── Excerpted data ──

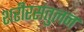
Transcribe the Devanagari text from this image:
शरीरसंतुलन
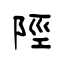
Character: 陘
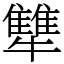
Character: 犨
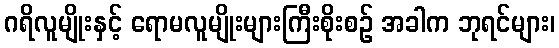
ဂရိလူမျိုးနှင့် ရောမလူမျိုးများကြီးစိုးစဉ် အခါက ဘုရင်များ၊
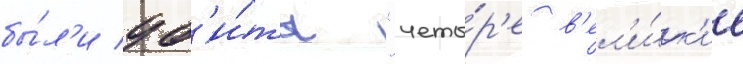
бы́л'и уб'и́ты "четы́р'е в'ел'и́к'ие
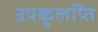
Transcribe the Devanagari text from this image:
उपकुलप्ति
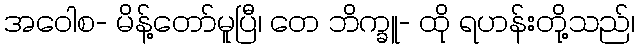
အဝေါစ- မိန့်တော်မူပြီ၊ တေ ဘိက္ခူ- ထို ရဟန်းတို့သည်၊
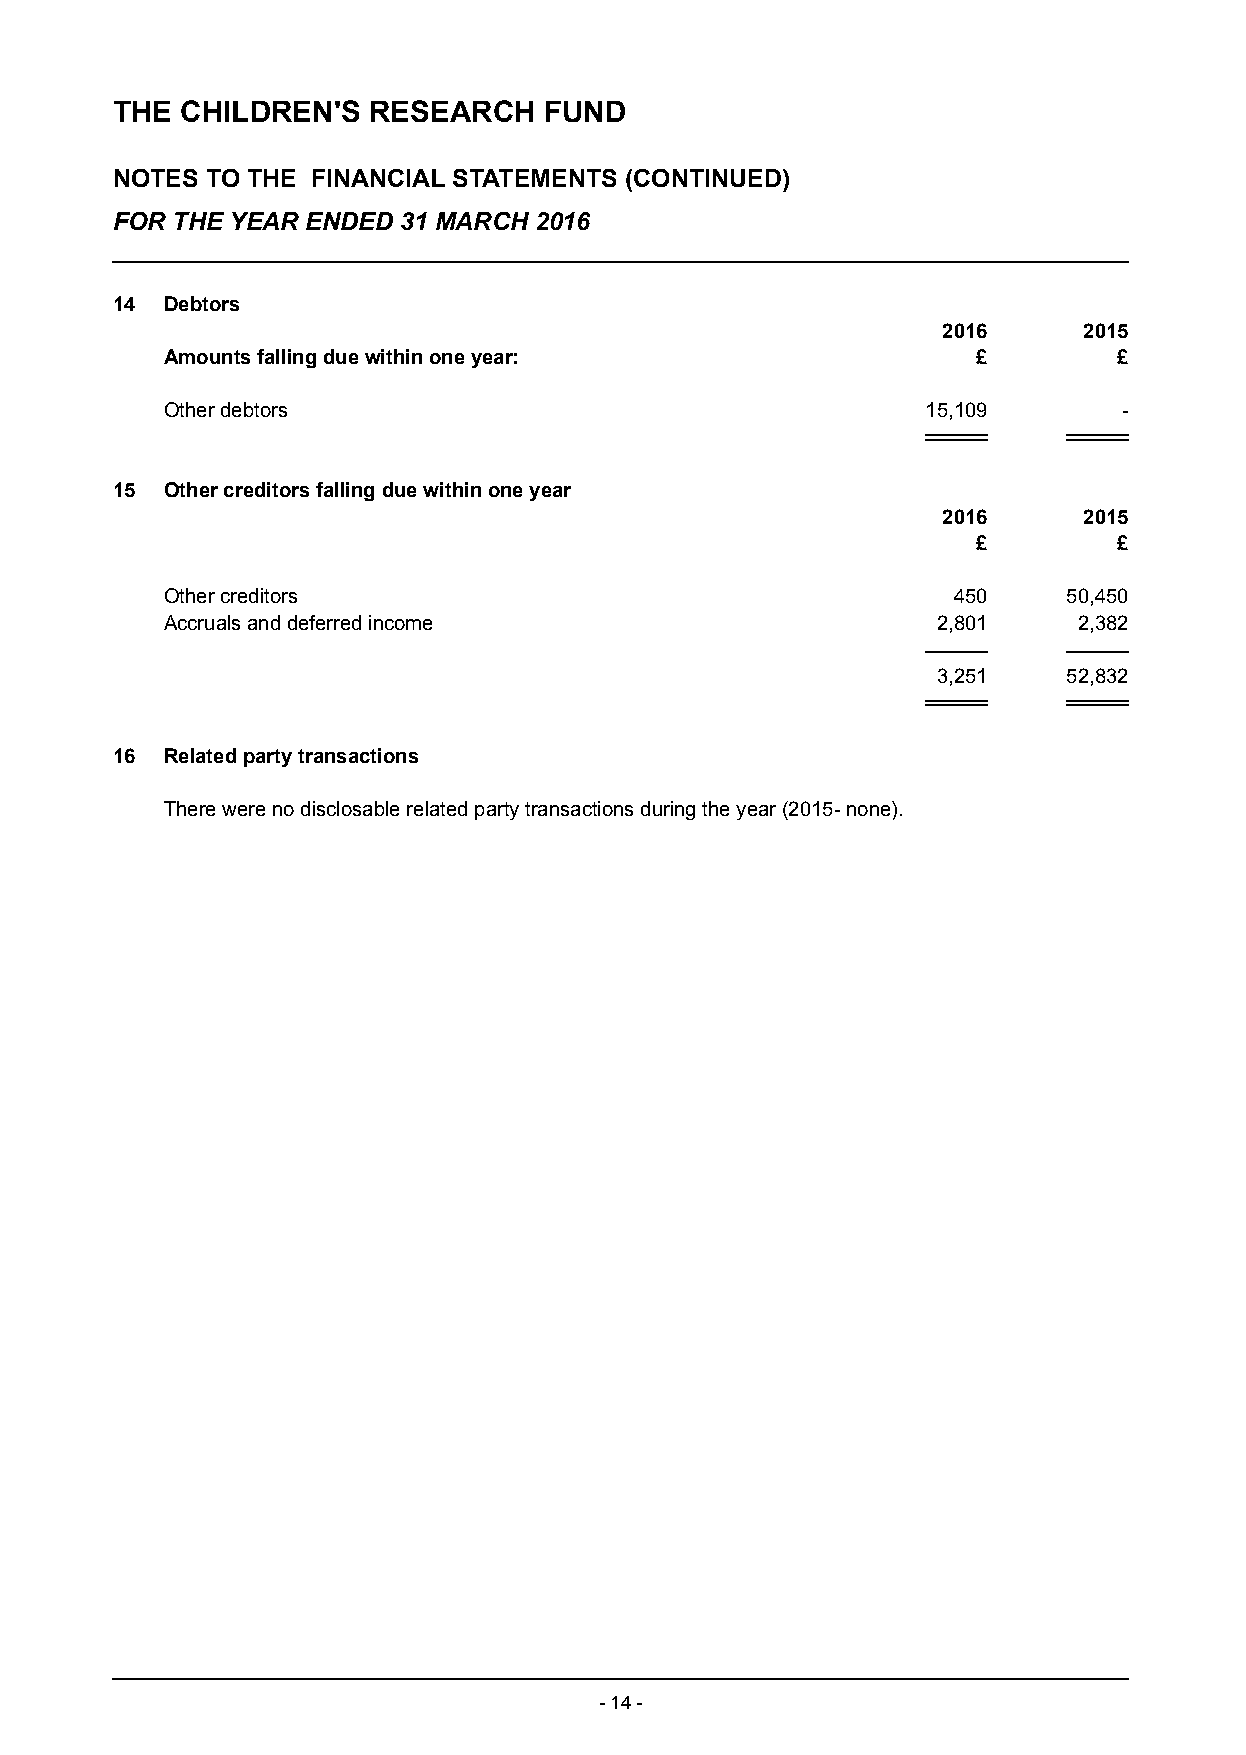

───

_What to do_. Copy each line above exactly, with no images.

_Solution below_.
Transcribe the Devanagari text from this image:
शरीरसंतुलन
Character: 陘
Character: 犨
ဂရိလူမျိုးနှင့် ရောမလူမျိုးများကြီးစိုးစဉ် အခါက ဘုရင်များ၊
бы́л'и уб'и́ты "четы́р'е в'ел'и́к'ие
Transcribe the Devanagari text from this image:
उपकुलप्ति
အဝေါစ- မိန့်တော်မူပြီ၊ တေ ဘိက္ခူ- ထို ရဟန်းတို့သည်၊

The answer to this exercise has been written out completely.